This thesis focuses on optimizing the training process of YOLOv4-p6 to detect and classify persons, small vehicles, large vehicles, and ships for surveillance applications in warehouses and ports. The optimization process involved fine-tuning the training hyperparameters of YOLOv4-p6 to maximize mean Average Precision (mAP). Several configurations achieved higher mAP results compared to the default settings. Consequently, this thesis examines the impact of each hyperparameter on YOLOv4-p6's training performance.
Specifically, we trained and tested YOLOv4-p6 using publicly available UAV annotated image datasets, including Αerial vehicle, DOTA, VisDrone-DET, Stanford drone, and DAC-SDC. These datasets were modified to contain only the selected classes, and then combined into a single dataset consisting of 76,872 images with 876,388 annotated objects. Subsequently, we divided the combined UAV dataset into training (80% of the combined dataset), validation (10%) and testing (10%) subsets.

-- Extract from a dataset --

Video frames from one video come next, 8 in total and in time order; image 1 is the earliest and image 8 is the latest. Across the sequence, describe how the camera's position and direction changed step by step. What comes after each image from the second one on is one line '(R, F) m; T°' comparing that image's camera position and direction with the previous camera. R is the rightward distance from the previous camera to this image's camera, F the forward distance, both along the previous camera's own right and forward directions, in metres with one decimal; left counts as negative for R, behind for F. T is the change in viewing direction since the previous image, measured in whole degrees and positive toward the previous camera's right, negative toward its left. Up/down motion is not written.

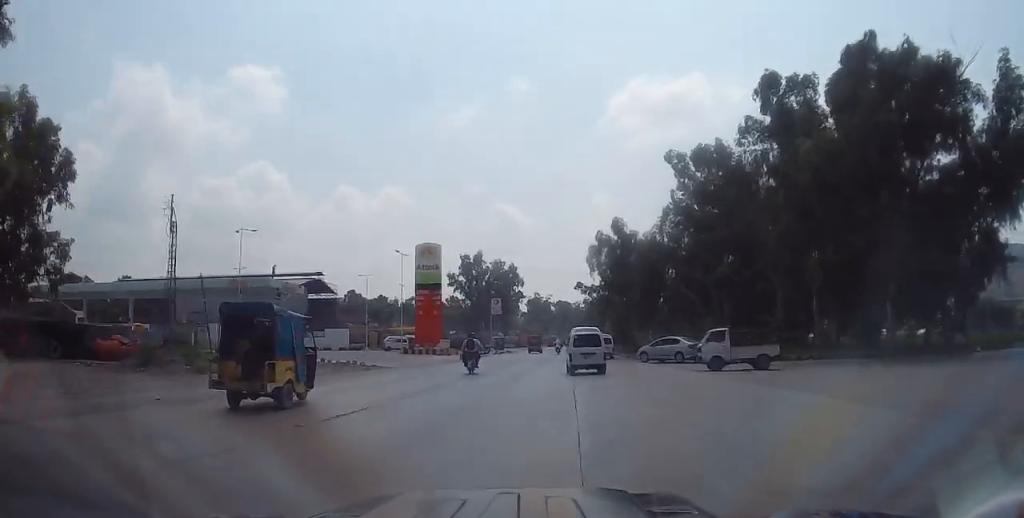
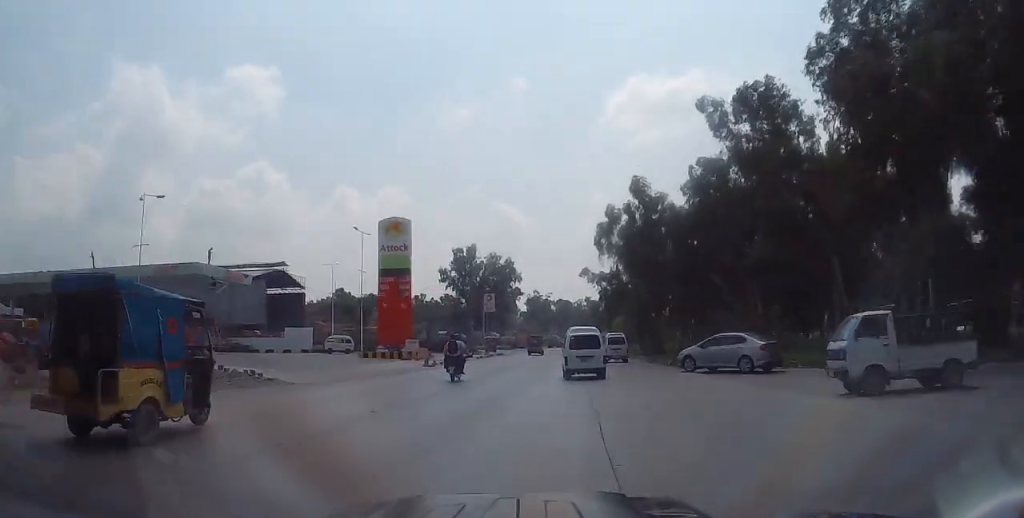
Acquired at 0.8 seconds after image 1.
(+0.1, +12.8) m; 0°
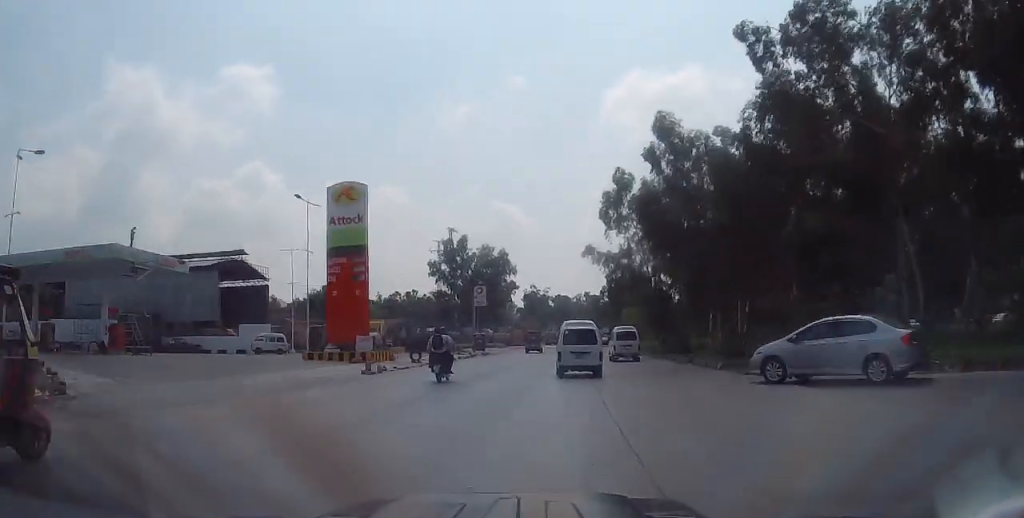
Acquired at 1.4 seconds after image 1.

The training hyperparameters of the YOLOv4-p6 algorithm were divided in two subsets. The first subset comprised those hyperparameters, the values of which depend on the characteristics of the training set. The values/levels of these hyperparameters were kept invariant throughout the tuning experiments. The second set comprised the hyperparameters to be tuned to optimize the training performance of YOLOv4-p6. Specifically, the second set included five (two-levels) hyperparameters, which led to the generation of thirty-two experiments using the Full-Factorial method (2^5=32). For each of the 32 combinations we repeated the training and testing sessions to support the analysis of the results using Analysis of Variance (ANOVA). This resulted in 64 trained models.
The analysis of the mAP results by ANOVA revealed three statistically significant hyperparameters: image resolution, activation function, and anchor dimensions; furthermore, a three-way interaction has been identified as significant: among Non-Maximum Suppression, data augmentation, and anchor dimensions.
The best trained models (25th and 29th) achieved an average mAP value of 52% in validation and 53.3% in testing. This is in contrast with the lowest performing models, of which the mAP values were 39.8% in validation and 44% in testing. This supports our thesis that careful tuning of the hyperparameters during training may yield to major improvements in model effectiveness.
We also tested the best performing models on a new UAV dataset developed by the DeOPSys lab. They performed exceptionally well, achieving a value of average mAP up to 77.6% and 76.3%, respectively. This independent testing validates the quality of the trained models. More importantly it validates that the proposed hyperparameter tuning method enables effective training of high-performance YOLO models.